Manufactured Runs: Batted Balls

Let’s talk about batted balls.

I’m sure we’re all familiar with the category labels that we use to describe batted balls—ground balls, line drives, fly balls, and popups. Precise definitions vary, but David Cortesi gives a succinct set of criteria:

A ground ball is a batted ball that touches the ground short of the outfield grass. The line drive, the fly ball and the popup are all balls that are hit into the air and are caught before they hit the ground, or if they aren’t caught, fall to earth in the outfield.

As I have discussed previously, there is evidence for park biases in the way batted balls are assigned these category labels. The question becomes—what do we do about it? It turns out that sabermetricians have a handy tool to use in handling these issues—park factors. But how best to apply this tool to the problem at hand?

Prior Art

There have been efforts to park adjust batted ball rates in the past, of course, and it would be remiss of me not to acknowledge them.

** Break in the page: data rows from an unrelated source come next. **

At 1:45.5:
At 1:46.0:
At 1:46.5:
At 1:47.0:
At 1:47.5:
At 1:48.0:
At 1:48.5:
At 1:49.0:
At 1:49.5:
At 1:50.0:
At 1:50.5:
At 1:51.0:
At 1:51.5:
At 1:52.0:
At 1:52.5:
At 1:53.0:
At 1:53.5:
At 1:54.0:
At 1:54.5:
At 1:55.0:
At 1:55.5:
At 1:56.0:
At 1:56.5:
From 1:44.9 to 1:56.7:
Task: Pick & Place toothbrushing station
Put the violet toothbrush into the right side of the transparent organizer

• Brian Cartwright wrote one of the first articles that I think really brought the question of line drive scoring to light. He discusses his line-drive park factors briefly—he later clarifies that he looked at line drives per air balls.
   
• David Gassko presented batted ball park factors as well—again, looking at rates of batted-ball types per all batted balls.

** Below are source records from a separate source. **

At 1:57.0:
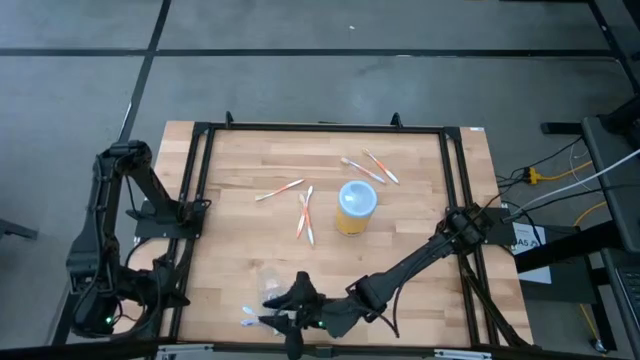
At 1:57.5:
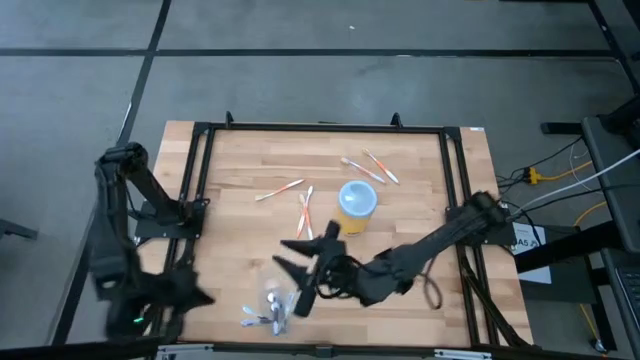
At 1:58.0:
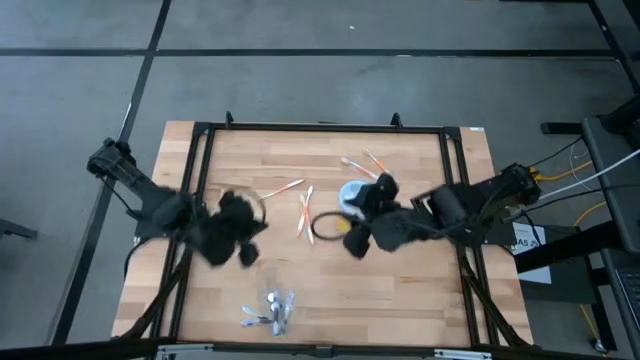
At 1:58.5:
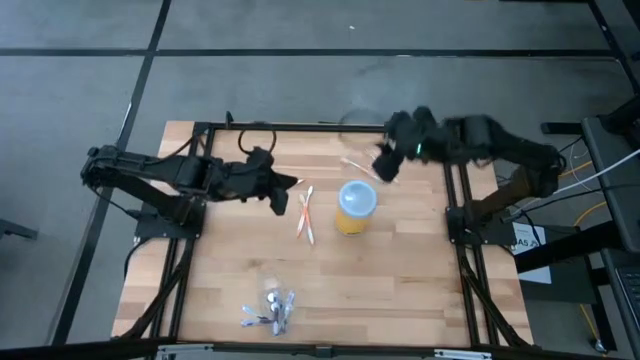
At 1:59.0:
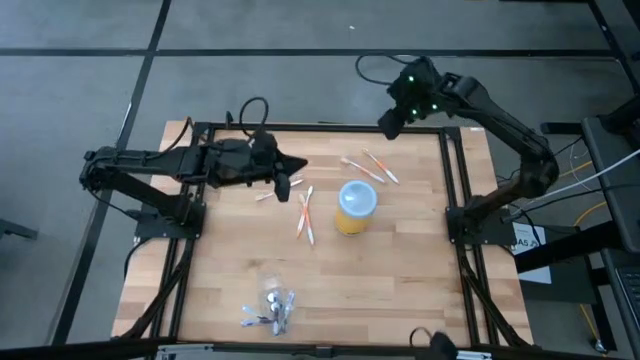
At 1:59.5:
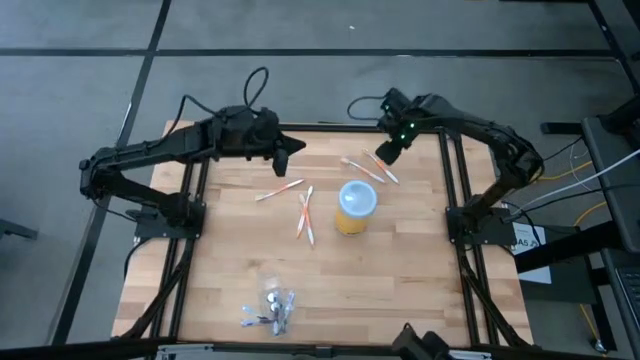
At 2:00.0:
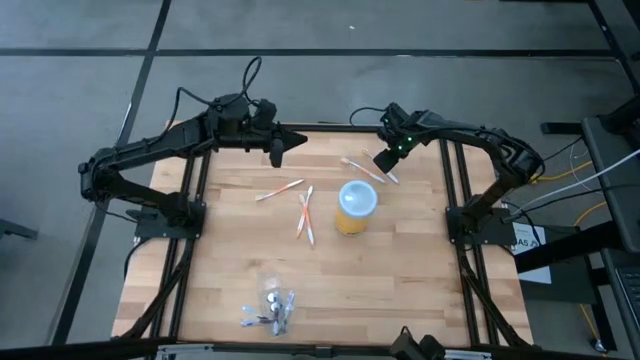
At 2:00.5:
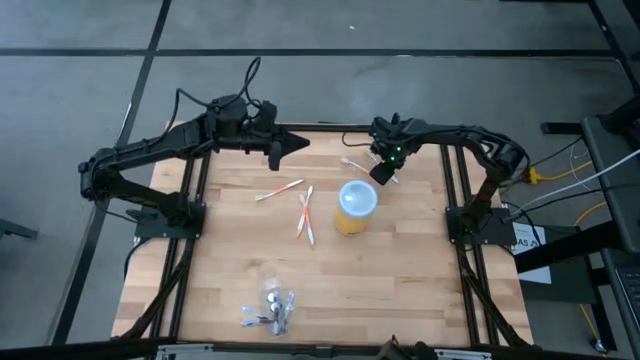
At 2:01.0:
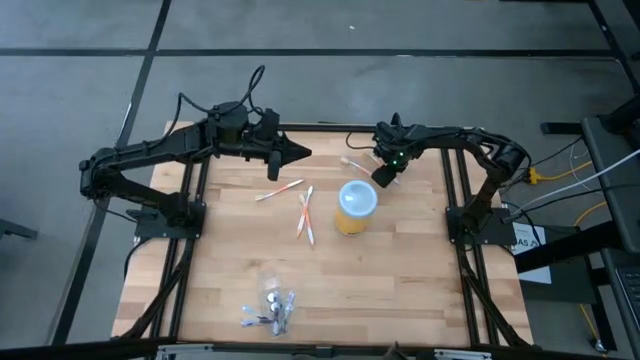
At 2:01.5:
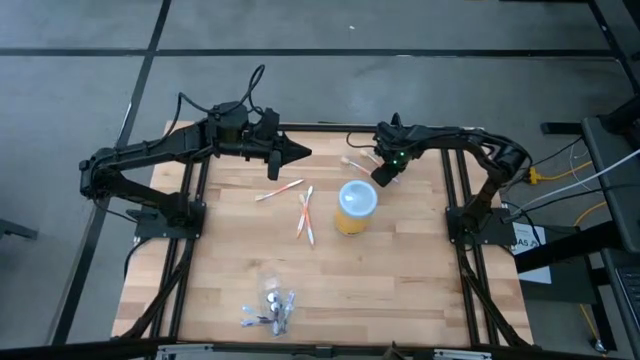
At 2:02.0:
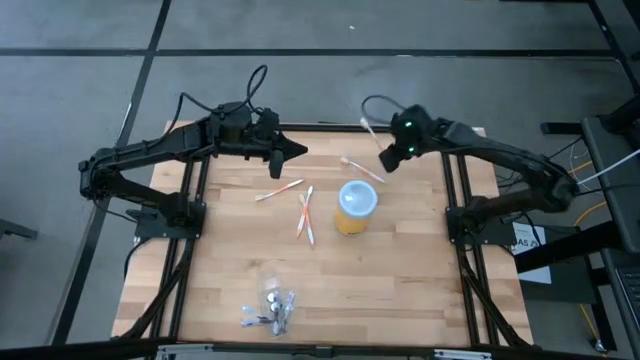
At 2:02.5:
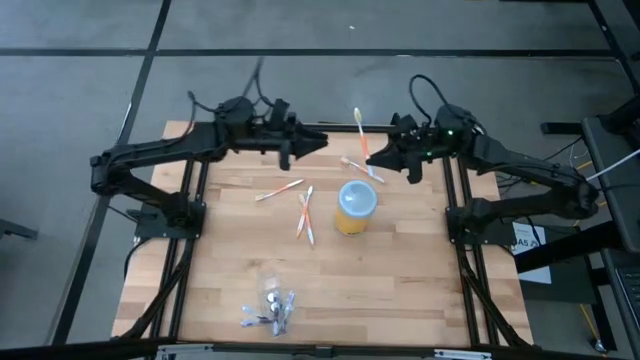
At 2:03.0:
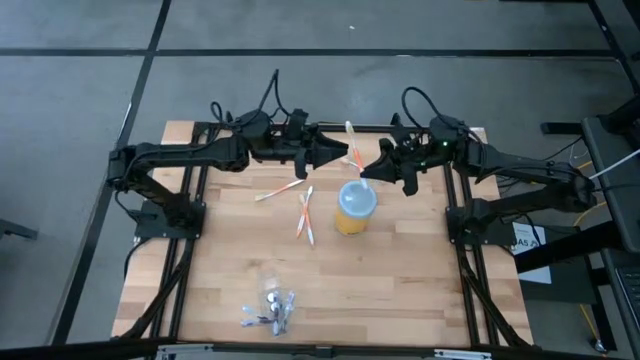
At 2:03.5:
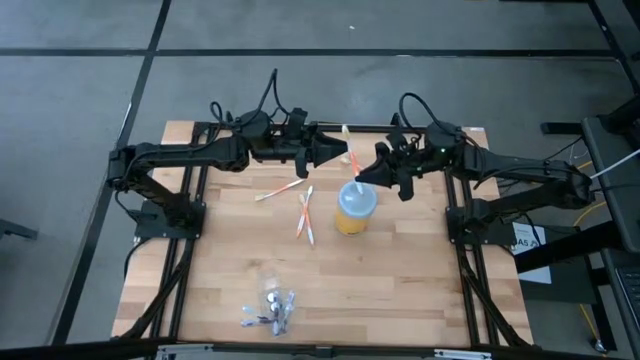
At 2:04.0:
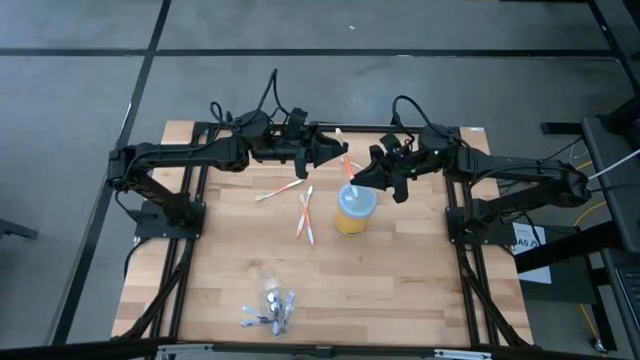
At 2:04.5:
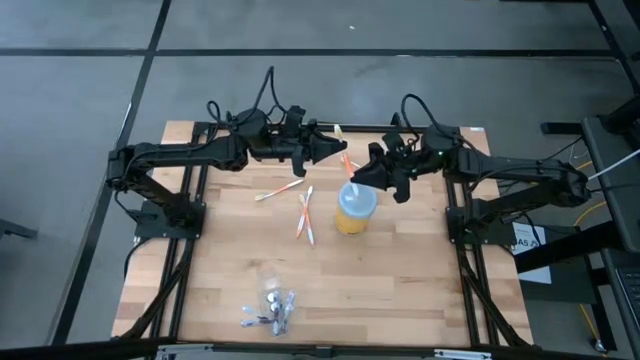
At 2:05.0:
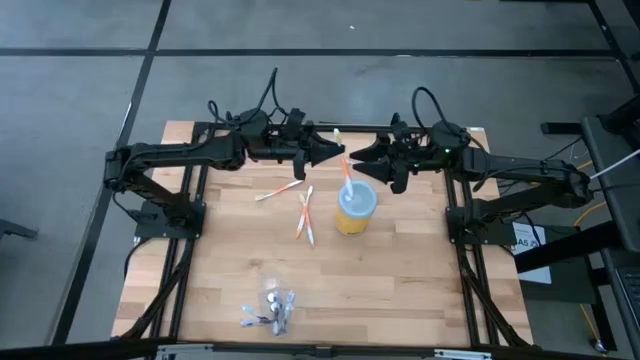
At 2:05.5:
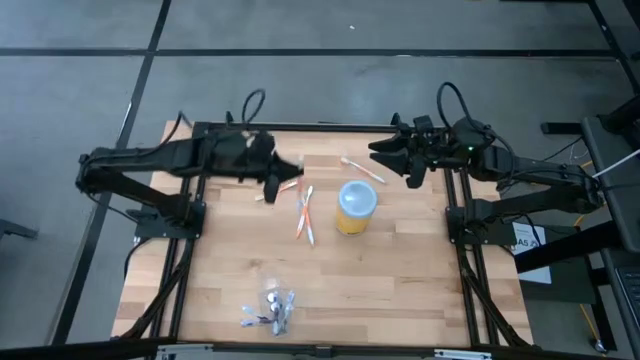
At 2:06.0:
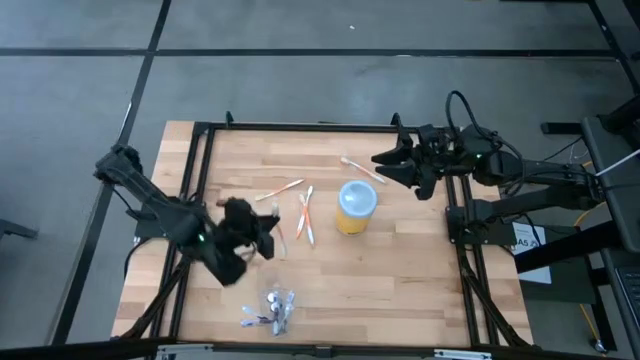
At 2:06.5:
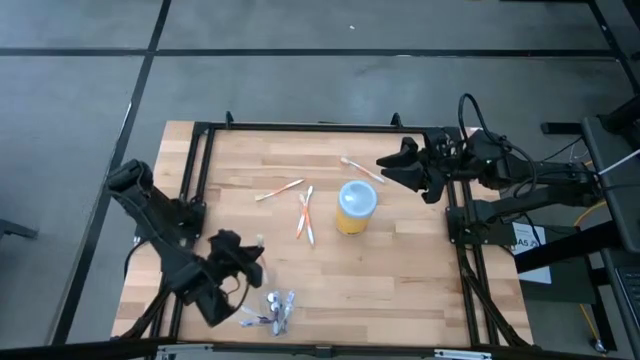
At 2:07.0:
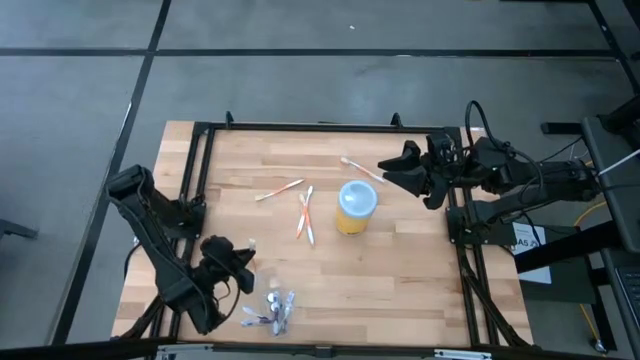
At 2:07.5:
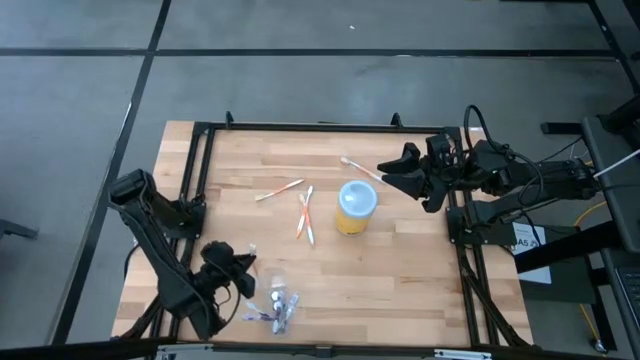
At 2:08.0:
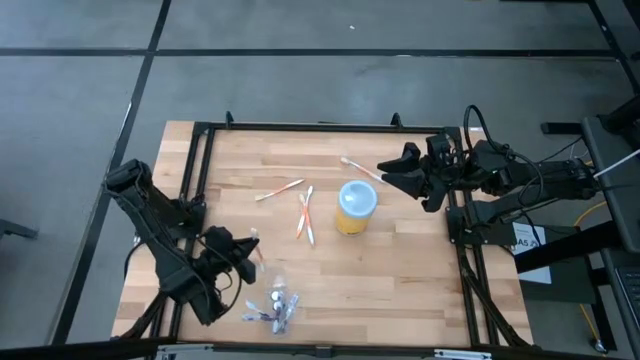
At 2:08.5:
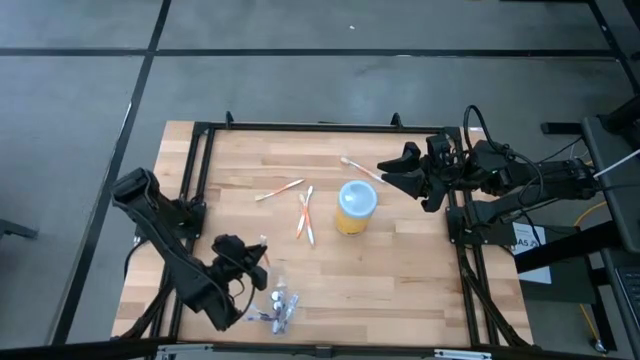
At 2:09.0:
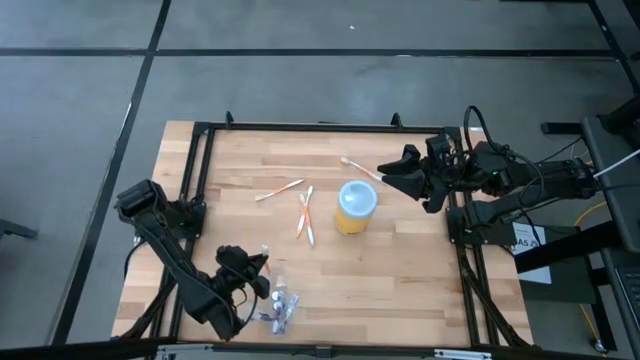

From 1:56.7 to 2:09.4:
Put the orange toothbrush into the left side of the transparent organizer

There may be others, but I can’t locate them—if you know of any, please drop me a line or leave a comment. 

So, what do we know about batted balls, and how can we use that in the construction of park factors?

Hold Steady

The key thing to keep in mind is that when we say that a park causes more ground balls—either in fact or in the perception of the scorer—there has to be less of something else created. The total number of events is fixed. And when looking at rates of batted ball types, there are certain constraints as to what the can be less of—a higher grounder per batted-ball rate doesn’t directly affect the number of strikeouts or walks. (And if we’re talking about a scorer bias effect, rather than an atmospheric effect on the type of batted balls, there isn’t even an indirect effect.)

So if we see a park effect creating more ground balls, those ground balls have to be coming at the expense of other batted balls. The epiphany that I had is that most of this “theft” has to be coming from the most adjacent batted ball type.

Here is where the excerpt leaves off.